[STORED DATA Boundary: Start]

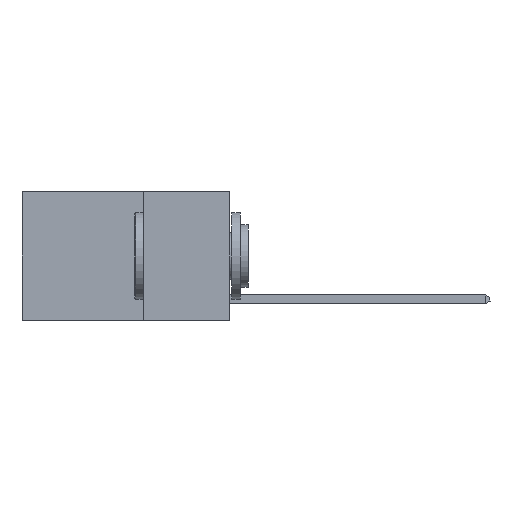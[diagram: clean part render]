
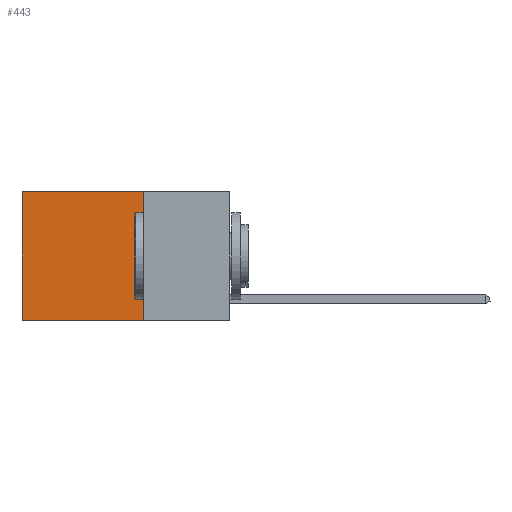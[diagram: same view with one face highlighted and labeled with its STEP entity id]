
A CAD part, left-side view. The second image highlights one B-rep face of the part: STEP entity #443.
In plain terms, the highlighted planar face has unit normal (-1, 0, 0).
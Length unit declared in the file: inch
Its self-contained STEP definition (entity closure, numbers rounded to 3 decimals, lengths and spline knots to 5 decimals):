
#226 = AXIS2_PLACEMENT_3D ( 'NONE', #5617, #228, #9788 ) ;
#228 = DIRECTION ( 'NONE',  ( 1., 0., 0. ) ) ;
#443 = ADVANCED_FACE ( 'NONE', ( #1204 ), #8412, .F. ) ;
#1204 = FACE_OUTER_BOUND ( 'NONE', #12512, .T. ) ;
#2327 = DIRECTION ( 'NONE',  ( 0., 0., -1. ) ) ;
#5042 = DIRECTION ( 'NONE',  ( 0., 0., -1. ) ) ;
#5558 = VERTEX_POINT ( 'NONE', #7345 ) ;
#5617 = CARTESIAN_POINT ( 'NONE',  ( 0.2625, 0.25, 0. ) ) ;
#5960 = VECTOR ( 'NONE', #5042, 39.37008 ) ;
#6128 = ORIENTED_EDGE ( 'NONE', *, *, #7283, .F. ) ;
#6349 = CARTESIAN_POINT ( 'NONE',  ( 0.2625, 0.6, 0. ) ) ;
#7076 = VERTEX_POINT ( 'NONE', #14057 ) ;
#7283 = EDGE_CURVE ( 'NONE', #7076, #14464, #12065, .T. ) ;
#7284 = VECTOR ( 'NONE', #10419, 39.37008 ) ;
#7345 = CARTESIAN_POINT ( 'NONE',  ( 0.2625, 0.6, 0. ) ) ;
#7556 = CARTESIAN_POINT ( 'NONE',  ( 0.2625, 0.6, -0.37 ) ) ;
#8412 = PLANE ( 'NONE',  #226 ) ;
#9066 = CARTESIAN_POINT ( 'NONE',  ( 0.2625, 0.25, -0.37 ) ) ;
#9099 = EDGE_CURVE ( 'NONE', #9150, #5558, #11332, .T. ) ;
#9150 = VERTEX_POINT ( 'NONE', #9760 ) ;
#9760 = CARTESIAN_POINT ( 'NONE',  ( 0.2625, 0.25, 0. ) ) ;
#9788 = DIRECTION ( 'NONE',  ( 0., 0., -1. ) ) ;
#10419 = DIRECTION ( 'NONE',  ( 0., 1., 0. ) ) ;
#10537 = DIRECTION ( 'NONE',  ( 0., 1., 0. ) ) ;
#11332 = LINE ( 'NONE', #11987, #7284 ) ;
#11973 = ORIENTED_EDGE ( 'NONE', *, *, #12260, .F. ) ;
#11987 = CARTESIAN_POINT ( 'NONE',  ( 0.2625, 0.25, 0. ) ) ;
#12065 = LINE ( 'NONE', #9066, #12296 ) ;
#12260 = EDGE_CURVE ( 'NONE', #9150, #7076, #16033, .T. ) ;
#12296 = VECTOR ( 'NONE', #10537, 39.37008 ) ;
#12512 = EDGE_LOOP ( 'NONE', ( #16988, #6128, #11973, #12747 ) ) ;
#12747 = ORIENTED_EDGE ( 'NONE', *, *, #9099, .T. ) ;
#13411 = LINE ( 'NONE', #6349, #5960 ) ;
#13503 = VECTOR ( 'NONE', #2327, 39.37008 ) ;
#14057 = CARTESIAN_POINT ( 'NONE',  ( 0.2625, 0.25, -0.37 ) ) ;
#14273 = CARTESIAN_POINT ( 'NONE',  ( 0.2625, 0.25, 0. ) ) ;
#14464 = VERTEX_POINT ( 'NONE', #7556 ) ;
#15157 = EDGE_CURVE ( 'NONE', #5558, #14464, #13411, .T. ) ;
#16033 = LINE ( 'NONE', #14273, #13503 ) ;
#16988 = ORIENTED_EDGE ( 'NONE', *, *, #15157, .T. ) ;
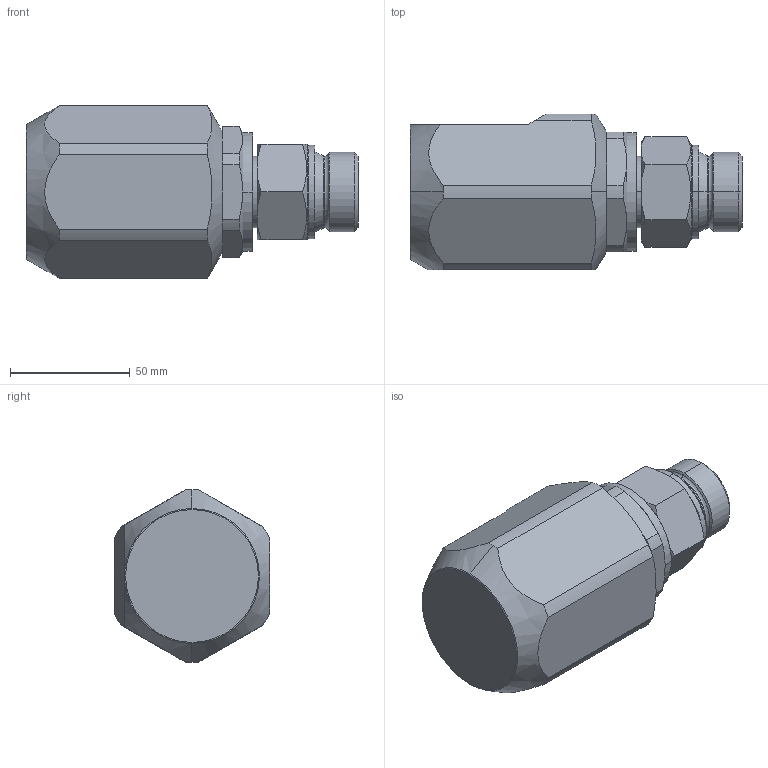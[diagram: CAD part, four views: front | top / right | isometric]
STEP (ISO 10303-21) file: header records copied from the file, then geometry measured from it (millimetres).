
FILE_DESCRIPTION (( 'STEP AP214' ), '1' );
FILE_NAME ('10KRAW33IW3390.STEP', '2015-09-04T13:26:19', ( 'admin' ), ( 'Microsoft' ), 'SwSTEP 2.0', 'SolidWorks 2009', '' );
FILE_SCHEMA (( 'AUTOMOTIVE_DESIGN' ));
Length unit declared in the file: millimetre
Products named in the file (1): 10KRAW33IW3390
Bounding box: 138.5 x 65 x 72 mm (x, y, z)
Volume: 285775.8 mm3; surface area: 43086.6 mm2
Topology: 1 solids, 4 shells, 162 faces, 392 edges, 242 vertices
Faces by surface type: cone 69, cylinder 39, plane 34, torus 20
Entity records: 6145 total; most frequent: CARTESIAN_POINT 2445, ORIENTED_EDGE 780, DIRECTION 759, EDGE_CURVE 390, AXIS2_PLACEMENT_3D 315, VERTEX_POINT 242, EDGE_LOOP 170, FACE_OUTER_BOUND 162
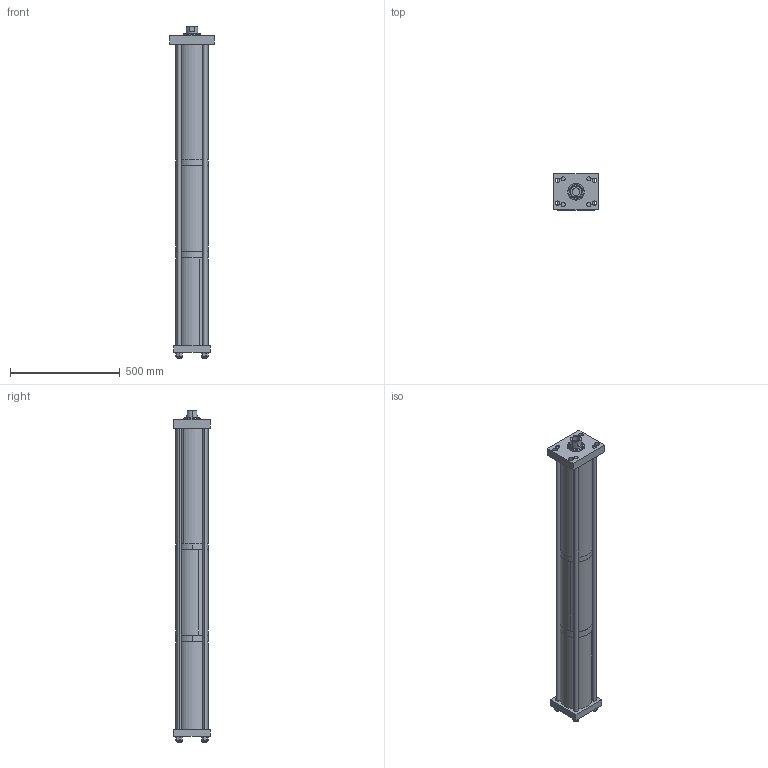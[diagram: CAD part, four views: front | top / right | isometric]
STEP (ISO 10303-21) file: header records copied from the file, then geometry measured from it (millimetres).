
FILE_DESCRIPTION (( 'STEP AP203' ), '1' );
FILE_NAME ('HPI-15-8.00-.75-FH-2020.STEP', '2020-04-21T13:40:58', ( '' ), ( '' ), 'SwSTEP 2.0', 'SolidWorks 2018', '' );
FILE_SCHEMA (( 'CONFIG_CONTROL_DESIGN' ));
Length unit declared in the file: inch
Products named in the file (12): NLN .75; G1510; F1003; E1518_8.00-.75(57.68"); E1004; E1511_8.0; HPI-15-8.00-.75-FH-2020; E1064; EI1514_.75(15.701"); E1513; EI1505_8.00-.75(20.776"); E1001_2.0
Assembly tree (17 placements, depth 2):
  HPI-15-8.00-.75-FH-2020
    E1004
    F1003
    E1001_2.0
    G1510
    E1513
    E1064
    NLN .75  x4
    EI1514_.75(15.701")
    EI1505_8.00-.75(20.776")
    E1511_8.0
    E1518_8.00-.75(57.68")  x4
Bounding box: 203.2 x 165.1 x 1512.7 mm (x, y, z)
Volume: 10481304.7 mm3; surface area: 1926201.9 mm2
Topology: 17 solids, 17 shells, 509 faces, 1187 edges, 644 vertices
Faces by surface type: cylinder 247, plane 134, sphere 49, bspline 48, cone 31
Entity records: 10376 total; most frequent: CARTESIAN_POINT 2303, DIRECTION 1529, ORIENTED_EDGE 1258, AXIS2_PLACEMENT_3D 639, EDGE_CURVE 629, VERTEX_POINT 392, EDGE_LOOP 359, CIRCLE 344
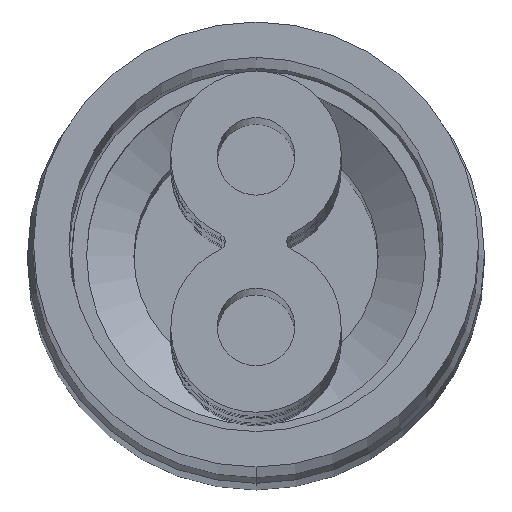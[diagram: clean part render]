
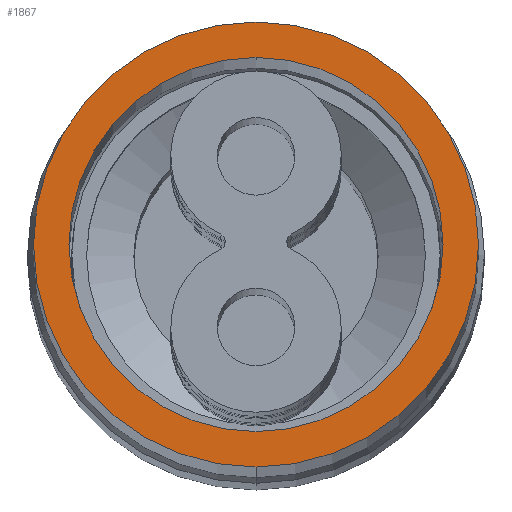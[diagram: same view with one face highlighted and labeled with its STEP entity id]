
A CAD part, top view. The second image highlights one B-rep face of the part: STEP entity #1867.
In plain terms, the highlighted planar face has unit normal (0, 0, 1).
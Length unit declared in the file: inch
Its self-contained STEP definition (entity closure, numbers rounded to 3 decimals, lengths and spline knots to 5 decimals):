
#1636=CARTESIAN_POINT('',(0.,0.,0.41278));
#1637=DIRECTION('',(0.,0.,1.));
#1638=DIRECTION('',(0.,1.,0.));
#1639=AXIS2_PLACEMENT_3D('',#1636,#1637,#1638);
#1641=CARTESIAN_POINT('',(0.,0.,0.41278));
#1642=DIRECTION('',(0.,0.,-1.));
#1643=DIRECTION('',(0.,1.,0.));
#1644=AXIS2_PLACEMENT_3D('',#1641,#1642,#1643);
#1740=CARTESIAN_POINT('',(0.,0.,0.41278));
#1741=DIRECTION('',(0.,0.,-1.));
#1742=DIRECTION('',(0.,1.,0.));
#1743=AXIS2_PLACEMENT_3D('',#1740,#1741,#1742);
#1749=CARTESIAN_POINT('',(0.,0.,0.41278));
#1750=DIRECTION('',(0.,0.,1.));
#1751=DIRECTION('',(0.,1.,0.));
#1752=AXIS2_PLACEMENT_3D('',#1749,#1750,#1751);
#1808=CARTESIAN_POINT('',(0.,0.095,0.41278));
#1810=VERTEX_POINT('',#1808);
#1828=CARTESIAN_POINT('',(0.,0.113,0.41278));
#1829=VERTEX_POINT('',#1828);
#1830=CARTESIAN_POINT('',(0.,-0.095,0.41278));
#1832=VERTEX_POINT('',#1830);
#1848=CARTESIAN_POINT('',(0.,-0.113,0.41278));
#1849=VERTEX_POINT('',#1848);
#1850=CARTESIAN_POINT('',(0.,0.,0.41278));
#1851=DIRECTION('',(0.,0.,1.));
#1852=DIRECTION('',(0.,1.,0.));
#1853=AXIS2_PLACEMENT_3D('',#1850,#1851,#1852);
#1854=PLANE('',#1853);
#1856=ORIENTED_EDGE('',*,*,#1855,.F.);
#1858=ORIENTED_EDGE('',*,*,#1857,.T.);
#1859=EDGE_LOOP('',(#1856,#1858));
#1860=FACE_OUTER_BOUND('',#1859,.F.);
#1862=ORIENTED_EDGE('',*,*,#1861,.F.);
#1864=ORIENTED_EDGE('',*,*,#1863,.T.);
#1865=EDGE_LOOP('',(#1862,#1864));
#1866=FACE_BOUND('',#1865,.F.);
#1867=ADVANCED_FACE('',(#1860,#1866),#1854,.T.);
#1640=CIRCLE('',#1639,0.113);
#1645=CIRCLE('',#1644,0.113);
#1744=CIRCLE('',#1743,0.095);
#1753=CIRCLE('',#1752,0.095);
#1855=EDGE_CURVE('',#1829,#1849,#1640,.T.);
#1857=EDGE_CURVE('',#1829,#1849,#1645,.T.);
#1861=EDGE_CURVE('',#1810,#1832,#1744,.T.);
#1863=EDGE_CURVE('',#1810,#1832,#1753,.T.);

[STORED DATA Boundary: End]

GOAL OF THE EXERCISE - The lines above, starting at the one with "#7556 = CARTESIAN_POINT" and ending at the one with "#10537 = DIRECTION", are the only ones to return, exactly as written.

EXERCISE OUTPUT -
#7556 = CARTESIAN_POINT ( 'NONE',  ( 0.2625, 0.6, -0.37 ) ) ;
#8412 = PLANE ( 'NONE',  #226 ) ;
#9066 = CARTESIAN_POINT ( 'NONE',  ( 0.2625, 0.25, -0.37 ) ) ;
#9099 = EDGE_CURVE ( 'NONE', #9150, #5558, #11332, .T. ) ;
#9150 = VERTEX_POINT ( 'NONE', #9760 ) ;
#9760 = CARTESIAN_POINT ( 'NONE',  ( 0.2625, 0.25, 0. ) ) ;
#9788 = DIRECTION ( 'NONE',  ( 0., 0., -1. ) ) ;
#10419 = DIRECTION ( 'NONE',  ( 0., 1., 0. ) ) ;
#10537 = DIRECTION ( 'NONE',  ( 0., 1., 0. ) ) ;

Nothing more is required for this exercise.